> _Your task_: Using the entries below, give the count of lines that hold "Massachusetts". Say nothing besides the number.
Top of Given data
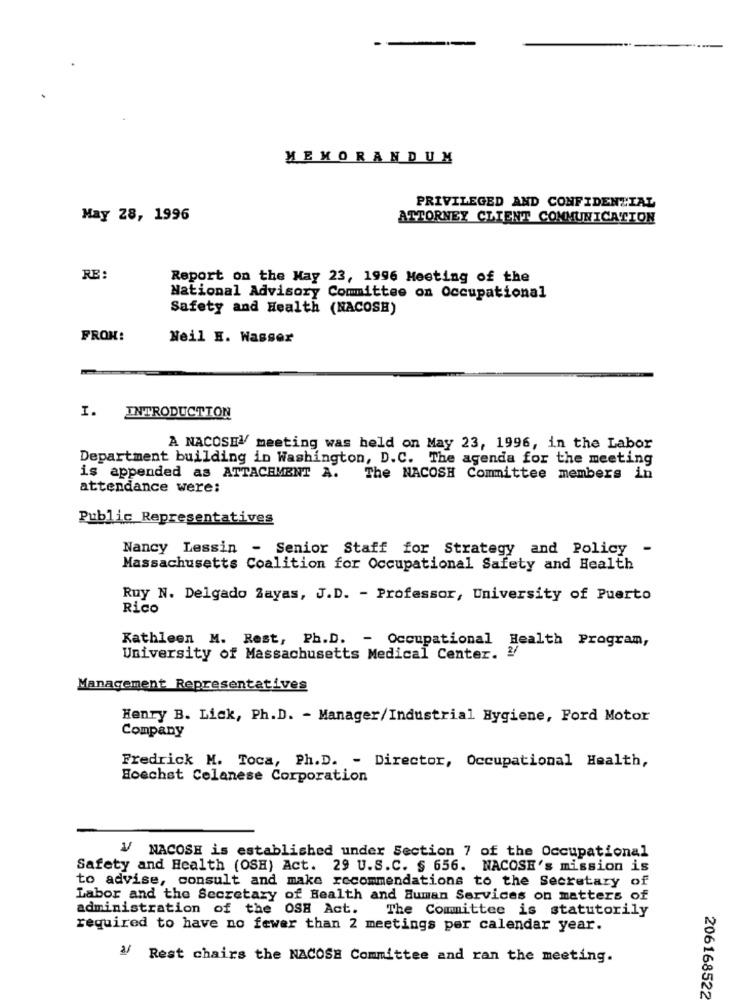
MEMORANDUM
PRIVILEGED AND CONFIDENTIAL
May 28, 1996
ATTORNEY CLIENT COMMUNICATION
RE :
Report on the May 23, 1996 Meeting of the
National Advisory Committee on Occupational
Safety and Health (NACOSH)
FRON:
Neil E. Wasser
I. INTRODUCTION
A NACOSE meeting was held on May 23, 1996, in the Labor
Department building in Washington, D.C. The agenda for the meeting
is appended as ATTACHMENT A.
The NACOSH Committee members in
attendance were:
Public Representatives
Nancy Lessin - Senior Staff for Strategy and Policy
-
Massachusetts Coalition for Occupational Safety and Health
Ruy N. Delgado Zayas, J.D. - Professor, University of Puerto
Rico
Kathleen M. Rest, Ph.D. - Occupational Health Program,
University of Massachusetts Medical Center. !!
Management Representatives
Henry B. Lick, Ph.D. - Manager/Industrial Hygiene, Ford Motor
Company
Fredrick M. Toca, Ph.D. - Director, Occupational Health,
Hoechst Celanese Corporation
V/ NACOSE is established under Section 7 of the Occupational
Safety and Health (OSH) Act. 29 U.S.C. § 656. NACOSE's mission is
to advise, consult and make recommendations to the Secretary of
Labor and the Secretary of Health and Human Services on matters of
administration of the OSH Act.
The Committee is statutorily
required to have no fewer than 2 meetings per calendar year.
3/ Rest chairs the NACOSH Committee and ran the meeting.
206168522
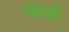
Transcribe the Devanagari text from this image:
पॅनची
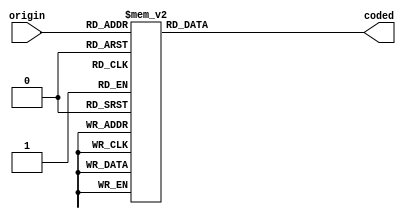
module da_coder
(
    input wire [2:0] origin,
    output reg [2:0] coded
);

always @(origin)
begin
    case(origin)
        0: coded = 0;
        1: coded = 4;
        2: coded = 2;
        3: coded = 6;
        4: coded = 1;
        5: coded = 5;
        6: coded = 3;
        7: coded = 7;
    endcase
end

endmodule
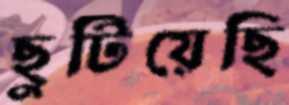
ছুটিয়েছি
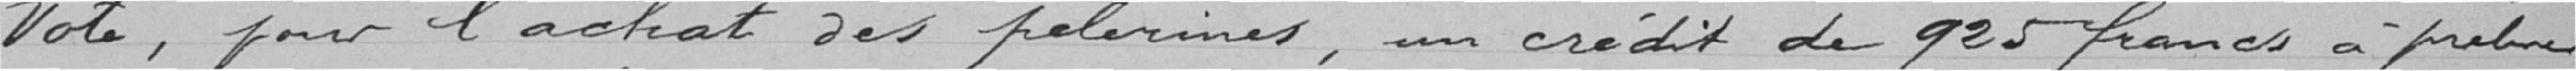
Vote, pour l'achat des pelerines, un crédit de 925 francs à probuer
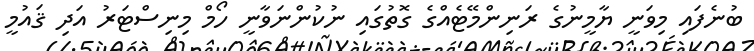
ބުނެފައި މިވަނީ ޔާމީނުގެ ރަނިންމޭޓެއްގެ ގޮތުގައި ނުކުންނަވާނީ ހޯމް މިނިސްޓަރު އަދި ޤައުމީ
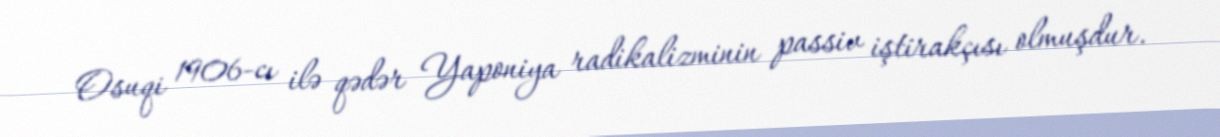
Osuqi 1906-cı ilə qədər Yaponiya radikalizminin passiv iştirakçısı olmuşdur.
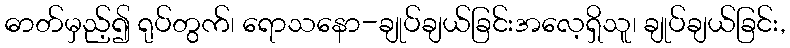
ဓာတ်မှည့်၍ ရုပ်တွက်၊ ရောသနော-ချုပ်ချယ်ခြင်းအလေ့ရှိသူ၊ ချုပ်ချယ်ခြင်း,
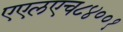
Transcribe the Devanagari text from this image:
एएलएच८४००१
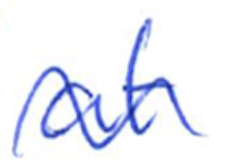
Text: at
Cross-out: mix
Writing tool: ballpoint
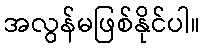
အလွန်မဖြစ်နိုင်ပါ။
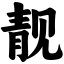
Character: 靓
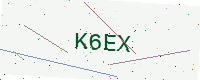
Text: K6EX
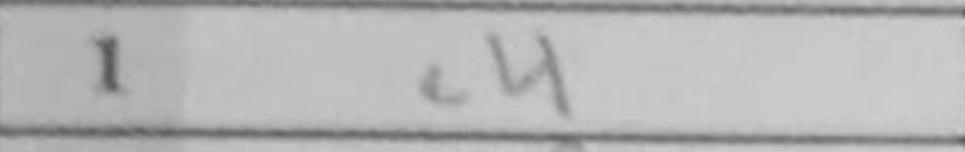
Transcription: e4
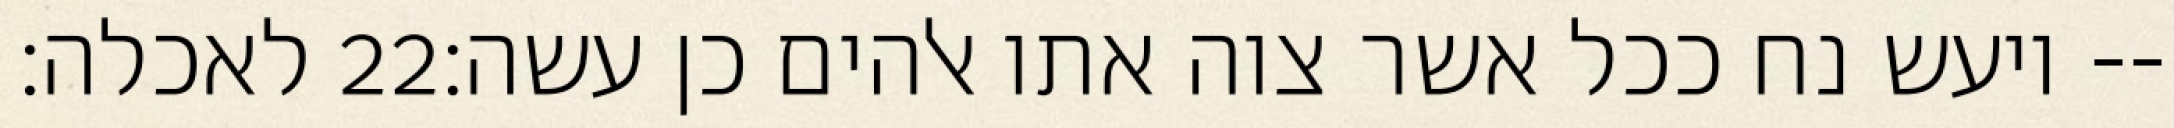
לאכלה׃ ‎22‏ ויעש נח ככל אשר צוה אתו אלהים כן עשה׃--
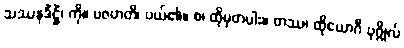
သဿနဒိံဋ္ဌိံ၊ ကို။ ပဇဟတိ၊ ပယ်၏။ စ၊ ထိုမှတပါး။ တဿ၊ ထိုယောဂီ ပုဂ္ဂိုလ်
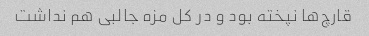
قارچ‌ها نپخته بود و در کل مزه جالبی هم نداشت
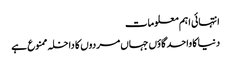
انتہائی اہم معلومات
دنیا کا واحد گاؤں جہاں مردوں کا داخلہ ممنوع ہے
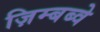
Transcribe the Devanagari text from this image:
ज़िम्बब्वे
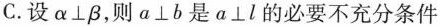
C.设α⊥β，则a⊥b是α⊥l的必要不充分条件
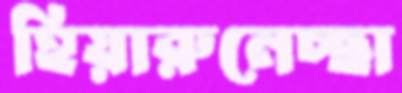
হিয়ারুনেচ্ছা
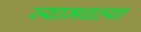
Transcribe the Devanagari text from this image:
ज्यामधल्या
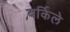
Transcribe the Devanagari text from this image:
बर्किले
Bottom of Given data
> _Written answer_: 2